Things got off to an interesting start- a start that is only possible in Japan. Because public transportation in Japan shuts down between basically midnight and between five and 5:30AM, it was impossible to make it to the airport in time for checkin and security clearance prior to our 8:30AM departure to Hong Kong. The trip to Kobe would have taken too much time. As a result, my friend and I pulled and all-nighter on the cold, hard, wooden benches of Kansai International Airport Terminal 2. I will undoubtedly have to do this again because of the early nature of some of Japan’s international flights, but this is something to which I do not look forward, even in the slightest. We took advantage of the free rental blankets at the airport, made some new friends who were bound for Korea, and slept as best as we could for about four hours.  Once the terminal filled with people bound for Taiwan and South Korea, we were alive, awake, and ready to take on Hong Kong. Following a quick money exchange and an old school walk on the tarmac, we were onboard and ready to start our adventure in Hong Kong. I had to do the obligatory Richard Nixon wave and peace symbol before boarding. Image

Walking on the tarmac towards the Hong Kong-bound plane. © 2013 Erik 

Four hours and one long nap later, we touched down in Hong Kong and it was so exhilarating to know I had finally arrived to one of my top travel destinations! Ever since I have been a child, I wanted to visit Hong Kong and I knew I was only a few minutes away from getting the coveted passport stamp to finally verify I had made it to the former British Colony! There was one catch- Hong Kong (and Macau) STOPPED issuing passport stamps in July! I was so disappointed when I passed through immigration and a flimsy card stating my permitted length of stay was stapled into my passport. One of my favorite things about travel is getting passport stamps and I was robbed of the Hong Kong stamp! The disappointment quickly faded as we headed towards our first destination of the whirlwind trip: Hong Kong’s famed Big Buddha. Image

Hong Kong International Airport. © 2013, Erik Jacobs.

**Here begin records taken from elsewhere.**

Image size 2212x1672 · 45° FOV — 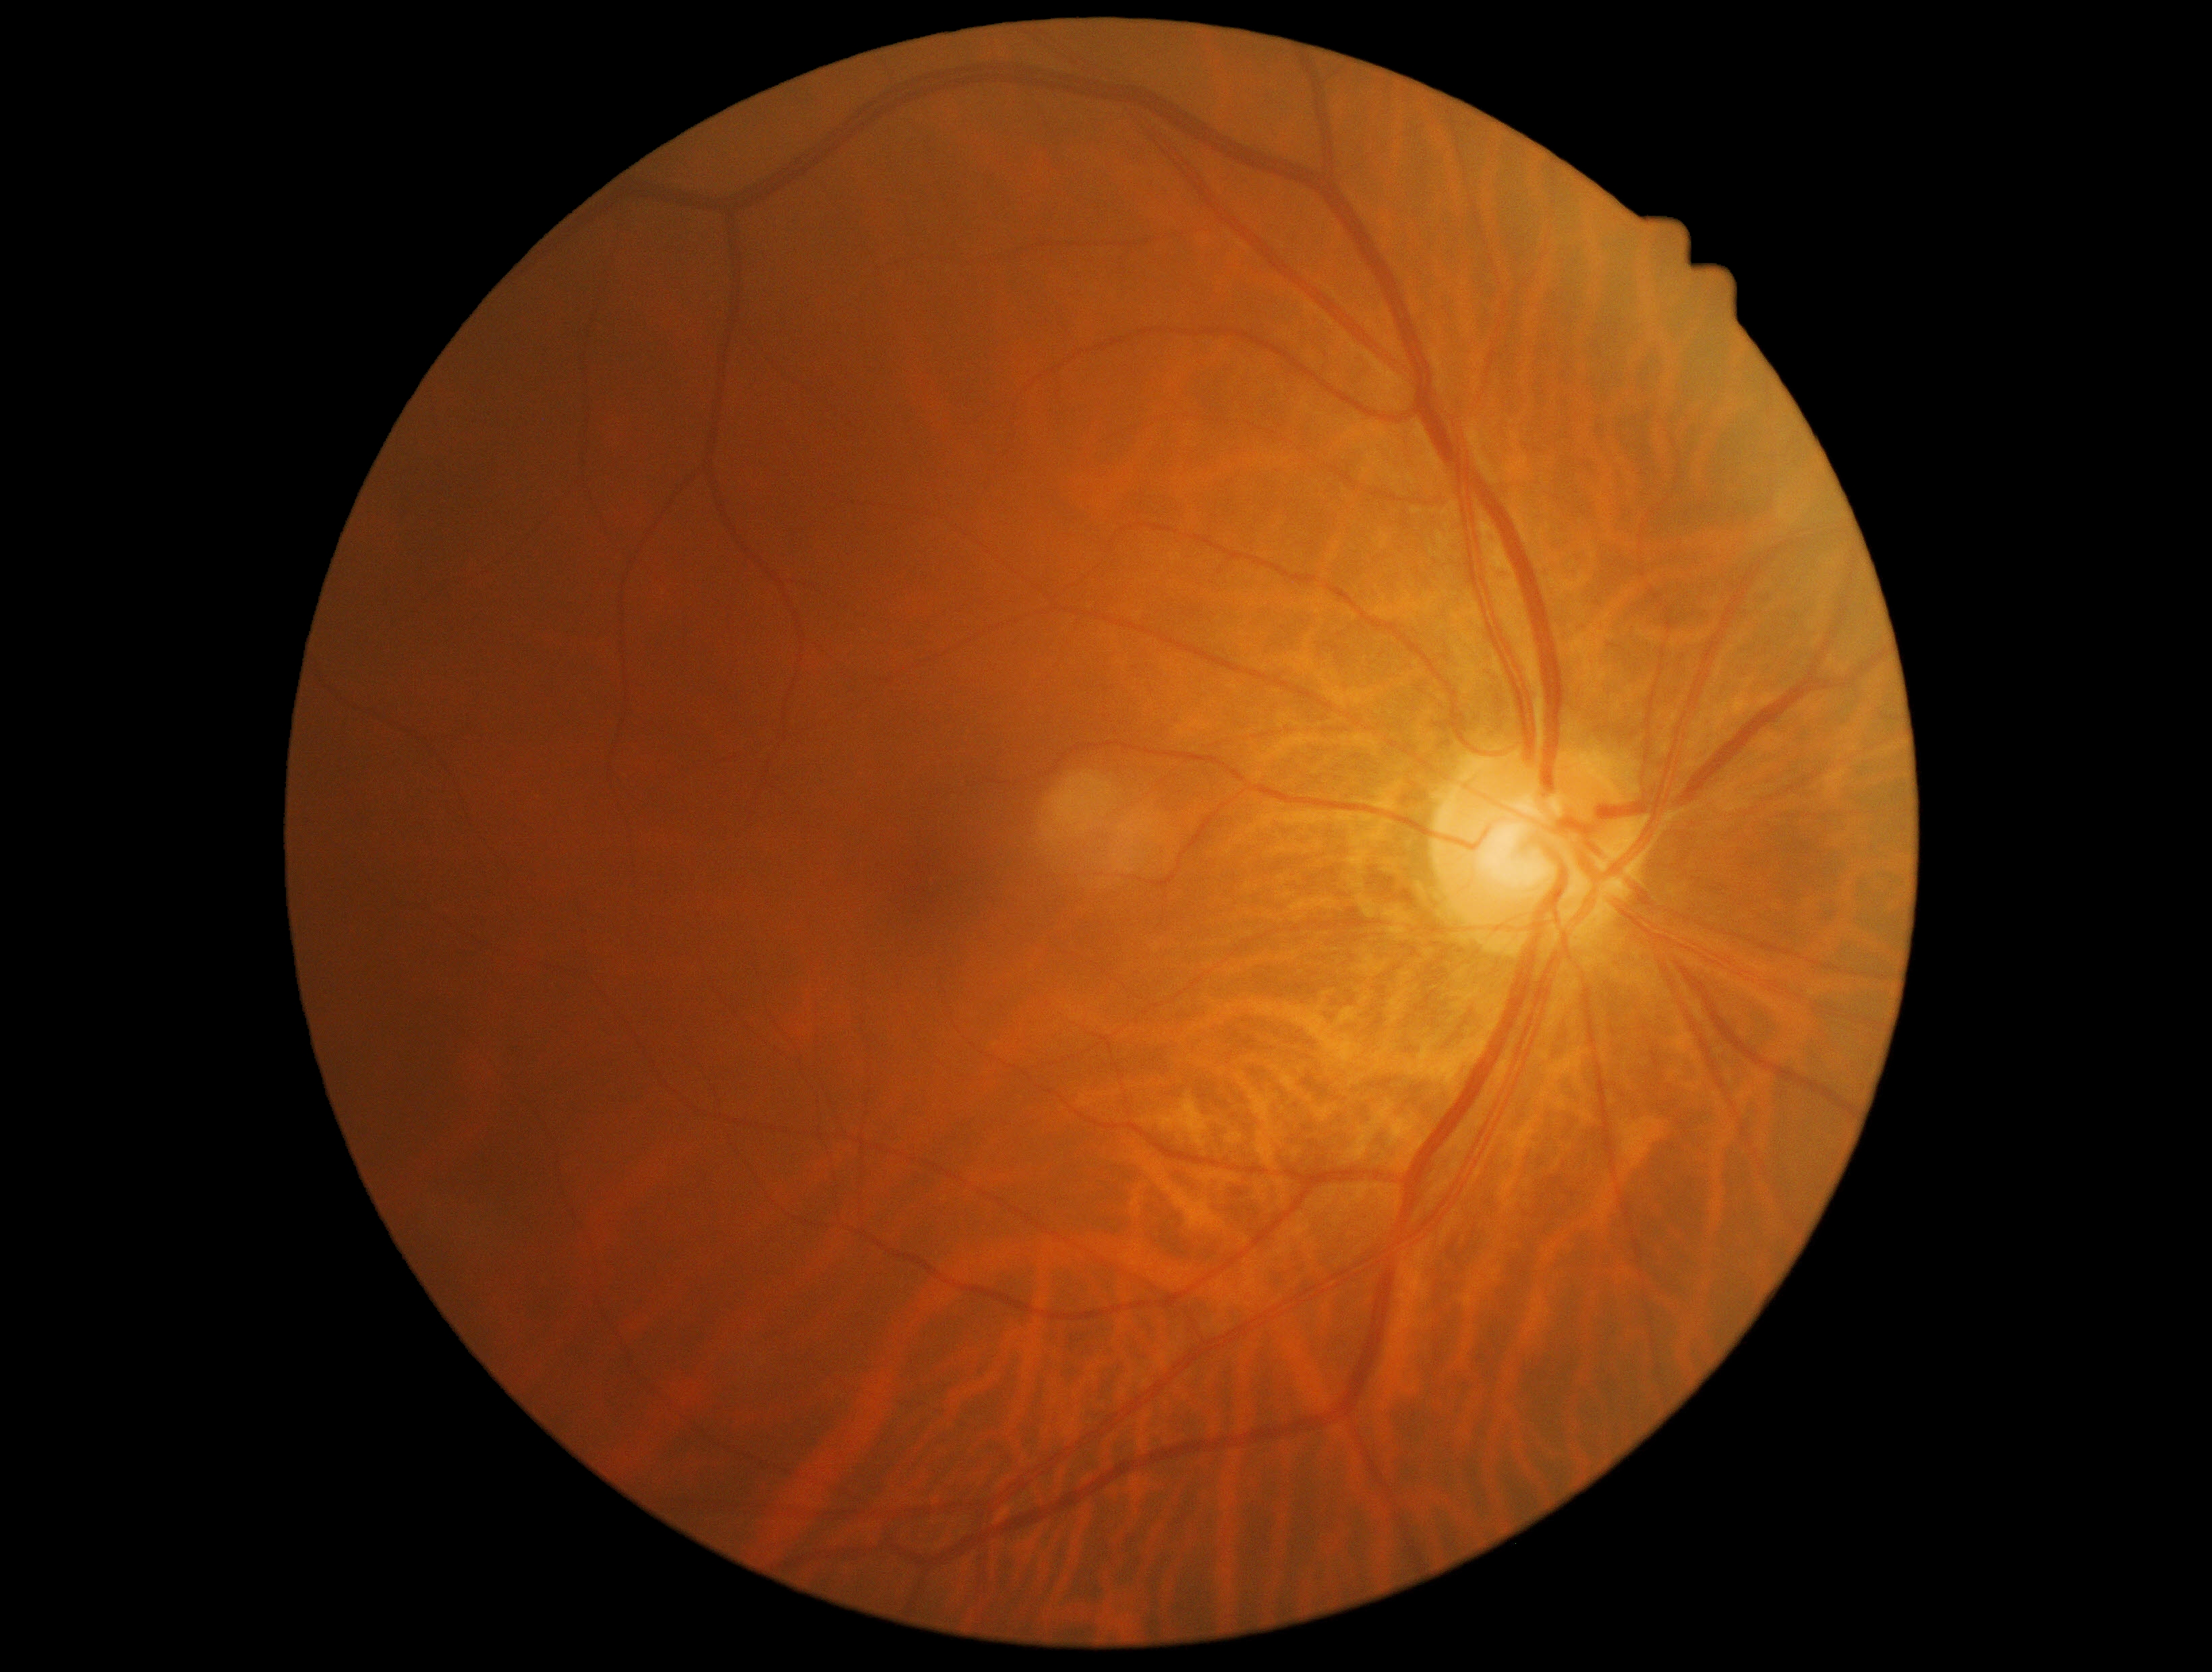
DR stage: grade 0 (no apparent retinopathy) — no visible signs of diabetic retinopathy.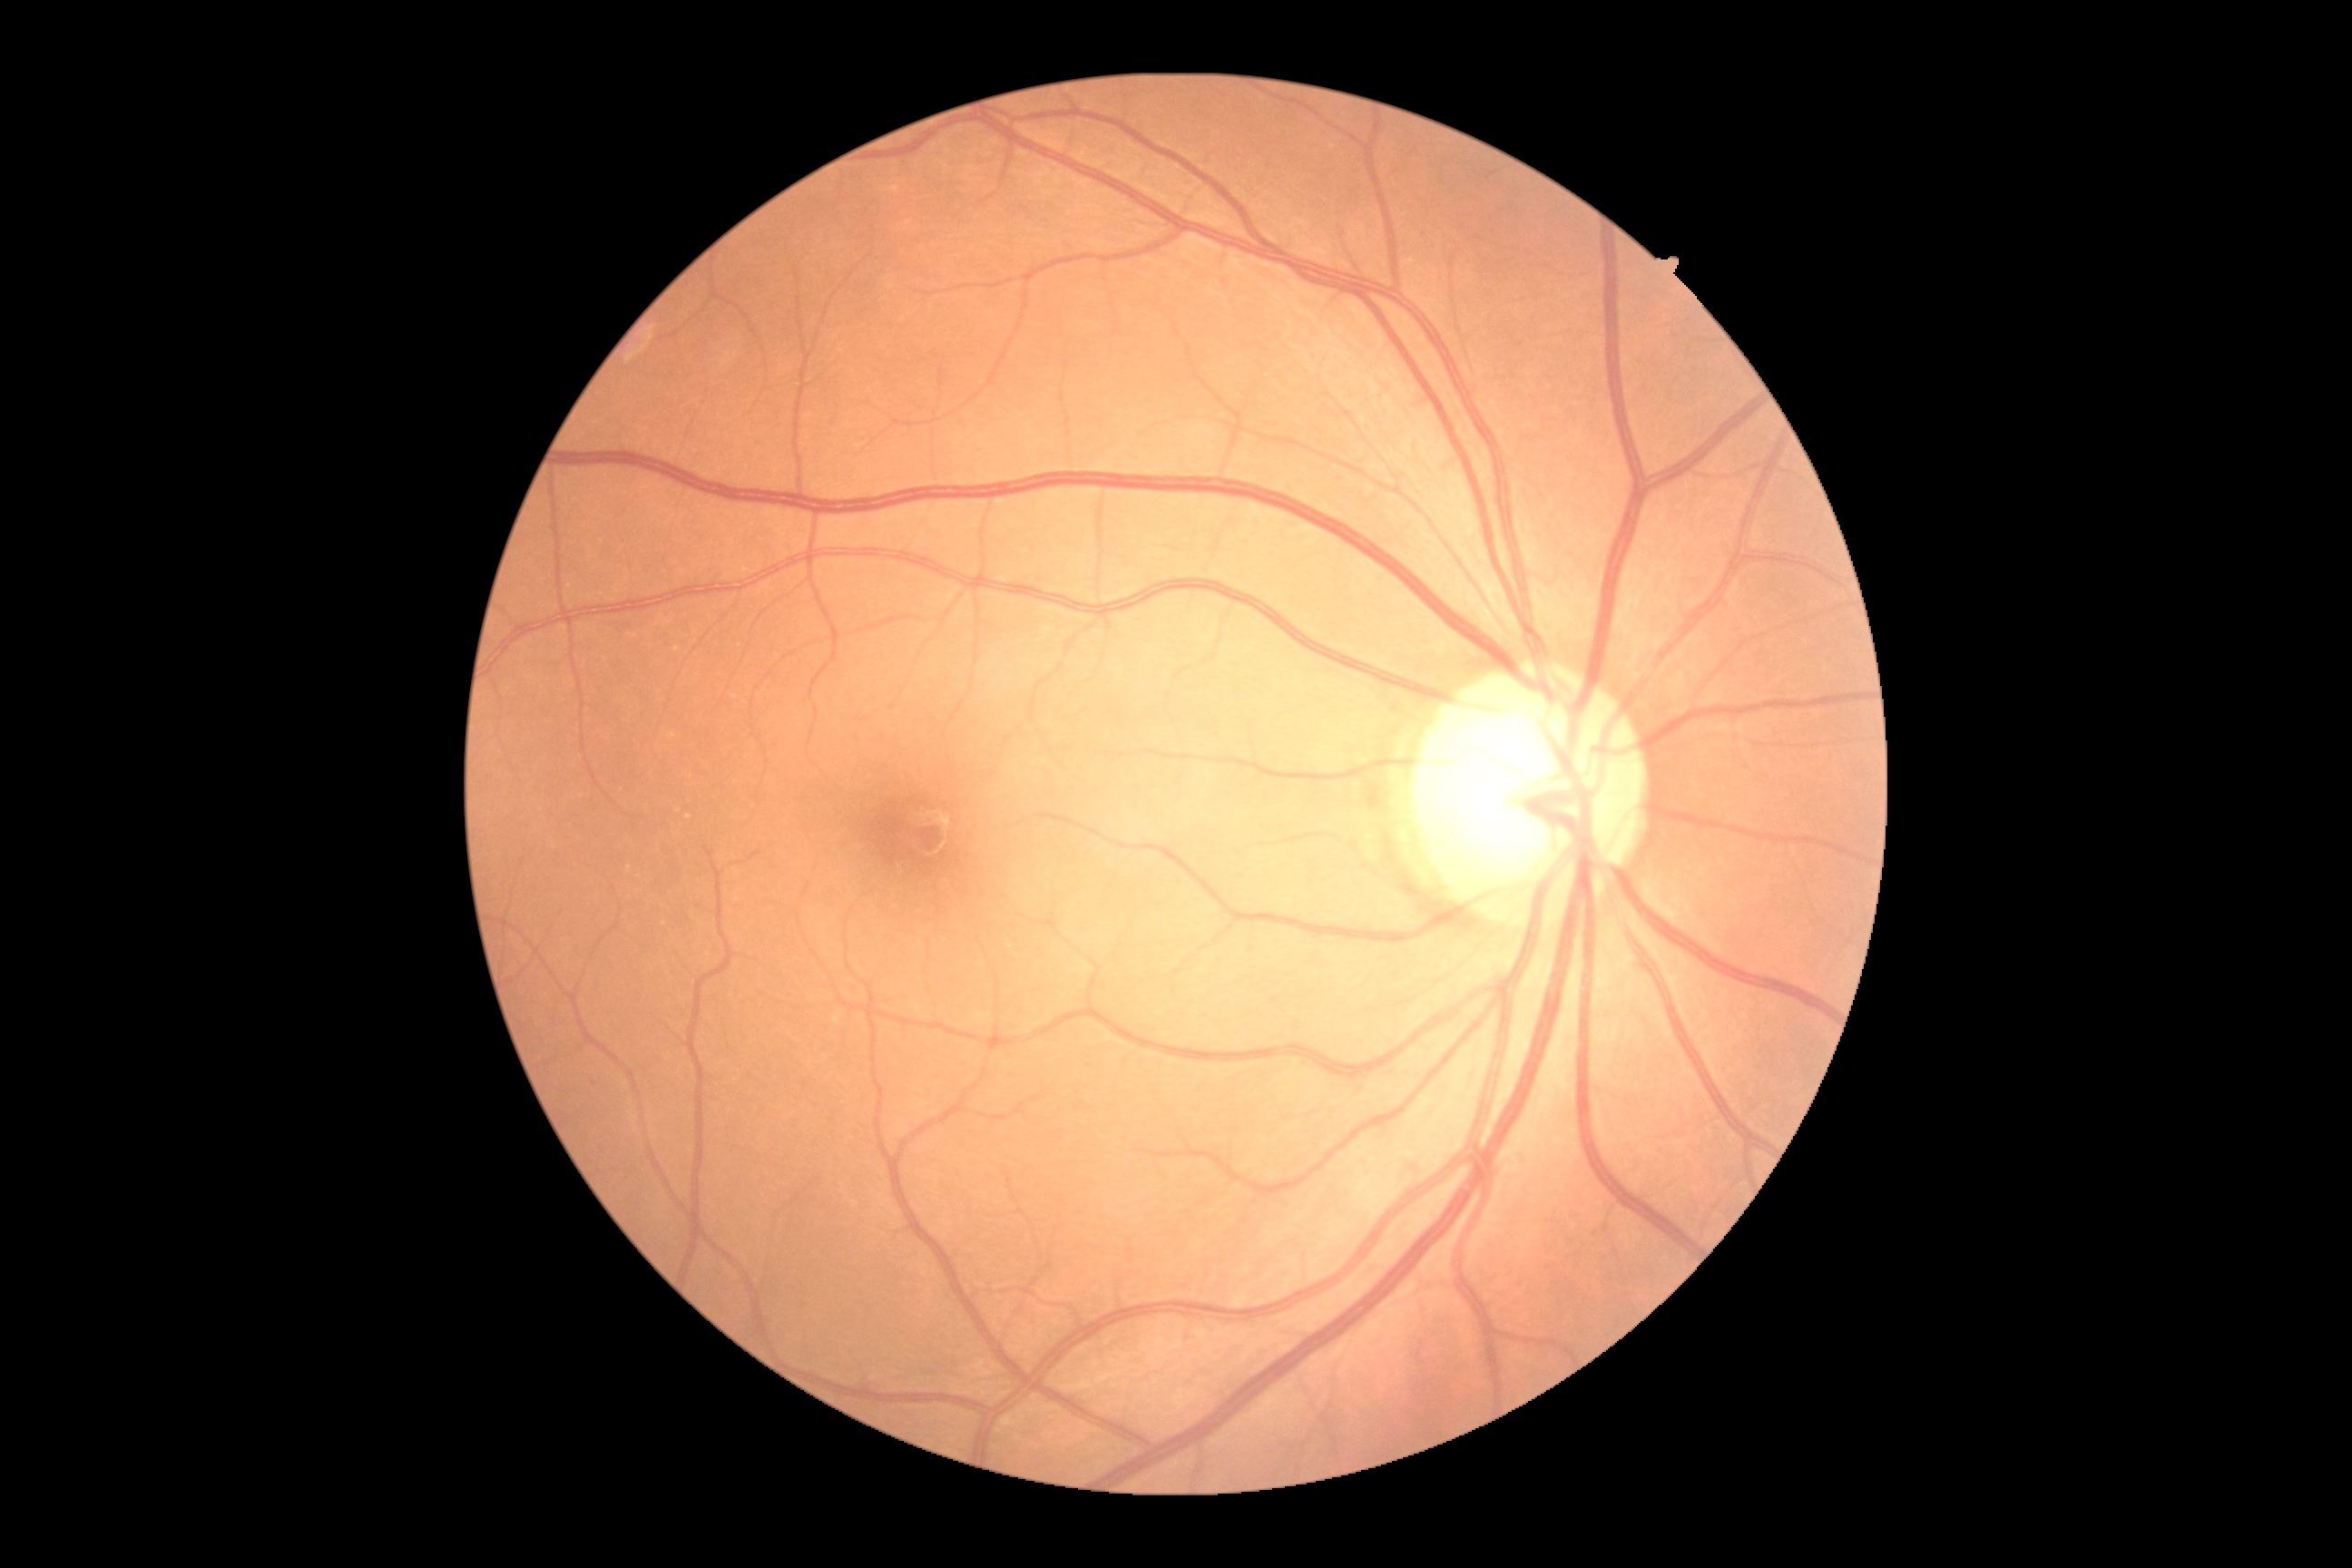
dr_grade: grade 0 (no apparent retinopathy)

Following a short and remarkably easy ride on Hong Kong’s MTR, my friend and I exited and “minded the gap” as we made our way toward the Big Buddha. After a stellar hour long wait in the serpentining lines, we made our way onto one of the crystal cable cars for the unforgettable ride going through Hong Kong’s rolling hills and lush forested areas en route to the Buddha. If I can make one recommendation here, you MUST pay a few more Hong Kong Dollars and get the crystal carriage cable car for two reasons: First, the line is much shorter than the standard carriage line. Secondly, you can see through the bottom of the carriage and view some winding trails through the mountains, several inlets, and various other cool spots during your ride. The view was amazing. Image

Cable cars. © 2013, Erik Jacobs.

After a trek through a heavily tourist area filled with nick-knacks, trinkets, and fake souvenirs, we had finally arrived at one of the most iconic images of all of Hong Kong: the staircase leading up to the 1996-built big Buddha statue. The view was completely breathtaking when you reach the bottom of this staircase. Unfortunately due to bad lighting with the sun directly behind Buddha, the photo cannot give this scene the justice it truly deserves.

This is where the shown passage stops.